Some applications – such as risk analysis, fraud detection, personalization recommendations, location-based advertising, predictive maintenance and dynamic pricing – actually rely on this combination of capabilities. These are automated applications which require a real-time decision, action or response based on the processing and analysis of both real-time information and historical data that helps feed the context.
To date, many have tried to provide this combination using the Lambda architecture, which is based on distributed data processing systems. Data processing in the Lambda architecture actually happens in two separate layers – the batch layer and the speed layer – which presents some significant challenges:
- The batch data is immutable and append-only
- The query speed for the batch layer is slow
- Since data is separated into two layers, there are possible challenges in terms of duplication, consistency and the potential for delays when serving up data from that batch layer.
- The presence of at least two separate layers has the potential for architectural complexity.
Figure 5: Lambda Architecture Challenges (source: http://lambda-architecture.net/)
Conclusions
It’s clear that data lakes have emerged as the primary platform for storing and processing large volumes of data for historical analysis. However, they have inherent limitations in terms of processing data in motion, because they were never originally designed for this purpose.
The processing of data in motion requires a change of thinking. It isn’t about processing and analyzing data more quickly, but about processing and analyzing data continuously.

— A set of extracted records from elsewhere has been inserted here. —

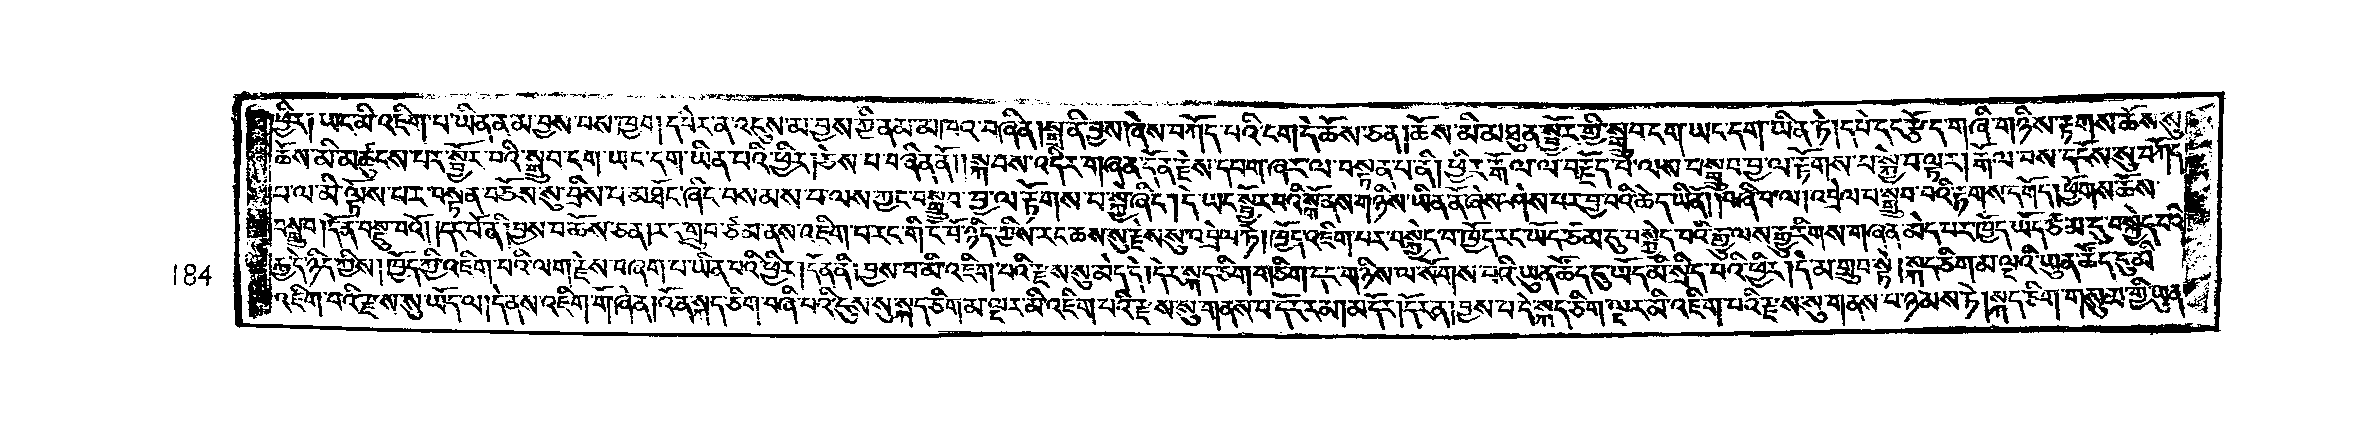ཕྱིར། ཡང་མི་འཇིག་པ་ཡིན་ན་མ་བྱས་པས་ཁྱབ། དཔེར་ན་འདུས་མ་བྱས་ཀྱི་ནམ་མཁའ་བཞིན། སྒྲ་ནི་བྱས་ཞེས་བཀོད་པའི་ངག་དེ་ཆོས་ཅན། ཆོས་མི་མཐུན་སྦྱོར་གྱི་སྒྲུབ་ངག་ཡང་དག་ཡིན་ཏེ། དཔེ་དང་རྩོད་གཞི་གཉིས་རྟགས་ཆོས་སུ་
ཆོས་མི་མཚུངས་པར་སྦྱོར་བའི་སྒྲུབ་ངག་ཡང་དག་ཡིན་པའི་ཕྱིར། ཅེས་པ་བཞིན་ནོ། །སྐབས་འདིར་གཞན་དོན་རྗེས་དཔག་ཞར་ལ་བསྟན་པ་ནི། ཕྱིར་རྒོལ་ལ་བརྗོད་པ་ལས་བསྒྲུབ་བྱ་ལ་རྟོགས་པ་སྐྱེ་བ་ལྟར། རྒོལ་བས་དངོས་སུ་བཀོད་
པ་ལ་མི་ལྟོས་པར་བསྟན་བཅོས་སུ་བྲིས་པ་མཐོང་ཞིང་བསམས་པ་ལས་ཀྱང་བསྒྲུབ་བྱ་ལ་རྟོགས་པ་སྐྱེ་ཞིང་། དེ་ཡང་སྦྱོར་བའི་སྒོ་ནས་གཉིས་ཡིན་ནོ་ཞེས་ཤེས་པར་བྱ་བའི་ཆེད་ཡིན་ནོ། །བཞི་པ་ལ། འབྲེལ་པ་སྒྲུབ་པའི་རྟགས་དགོད། ཕྱོགས་ཆོས་
བསྒྲུབ། དོན་བསྡུ་པའོ། །དང་པོ་ནི། བྱས་པ་ཆོས་ཅན། རང་གྲུབ་ཙམ་ནས་འཇིག་པ་རང་གི་ངོ་བོ་ཉིད་ཀྱིས་རང་ཆོས་སུ་རྗེས་སུ་འབྲེལ་ཏེ། ཁྱོད་འཇིག་པར་བསྐྱེད་པ་ཁྱོད་རང་ཡོད་ཙམ་དུ་བསྐྱེད་པའི་རྒྱུ་ལས་རྒྱུ་རིགས་གཞན་མེད་པར་ཁྱོད་ཡོད་ཙམ་དུ་བསྐྱེད་པའི་
རྒྱུ་དེ་ཉིད་ཀྱིས། ཁྱོད་ཀྱི་འཇིག་པའི་ལག་རྗེས་བཞག་པ་ཡིན་པའི་ཕྱིར། དོན་ནི། བྱས་པ་མི་འཇིག་པའི་རྫས་སུ་མེད་དེ། དེར་སྐད་ཅིག་གཅིག་དང་གཉིས་ལ་སོགས་པའི་ཡུན་ཚོད་དུ་ཡོད་མི་སྲིད་པའི་ཕྱིར། དེ་མ་གྲུབ་སྟེ། སྐད་ཅིག་མ་ལྔའི་ཡུན་ཚོད་དུ་མི་
འཇིག་པའི་རྫེས་སུ་ཡོད་ལ། དེ་ནས་འཇིག་གོ་ཞེ་ན། འོ་ན་སྐད་ཅིག་བཞི་པའི་དུས་སུ་སྐད་ཅིག་མ་ལྔར་མི་འཇིག་པའི་རྫེས་སུ་གནས་པ་དོར་རམ། མ་དོར། དོར་ན། བྱས་པ་དེ་སྐད་ཅིག་ལྔར་མི་འཇིག་པའི་རྫས་སུ་གནས་པ་ཉམས་ཏེ། སྐད་ཅིག་གསུམ་གྱི་ཡུན་

Additionally, batch processing of historical data can be complemented by real-time processing of live data. Clearly, the two can go together. It’s about how you architect, deliver them both in combination.
Finally, the Lambda architecture for processing data in two separate layers – the batch layer and the speed layer – presents users with a number of challenges, including duplication, inconsistency caused by delays in making new data available via the batch layer, and challenges in adding update operations to batch environments.
Vendors are seeking solutions to these challenges.
“GigaSpaces has taken a differentiated approach with its combination of the core data grid/cache functionality and Apache Spark to provide high-performance data ingestion, as well as a unified interface for both batch and real-time analytics. “
GigaSpaces Adds ‘Data Lake Accelerator’ To Its InsightEdge In-Memory Computing Platform, March 2019
All this indicates a bright future for simplifying the data journey and accelerating data lakes to deliver faster, smarter insights.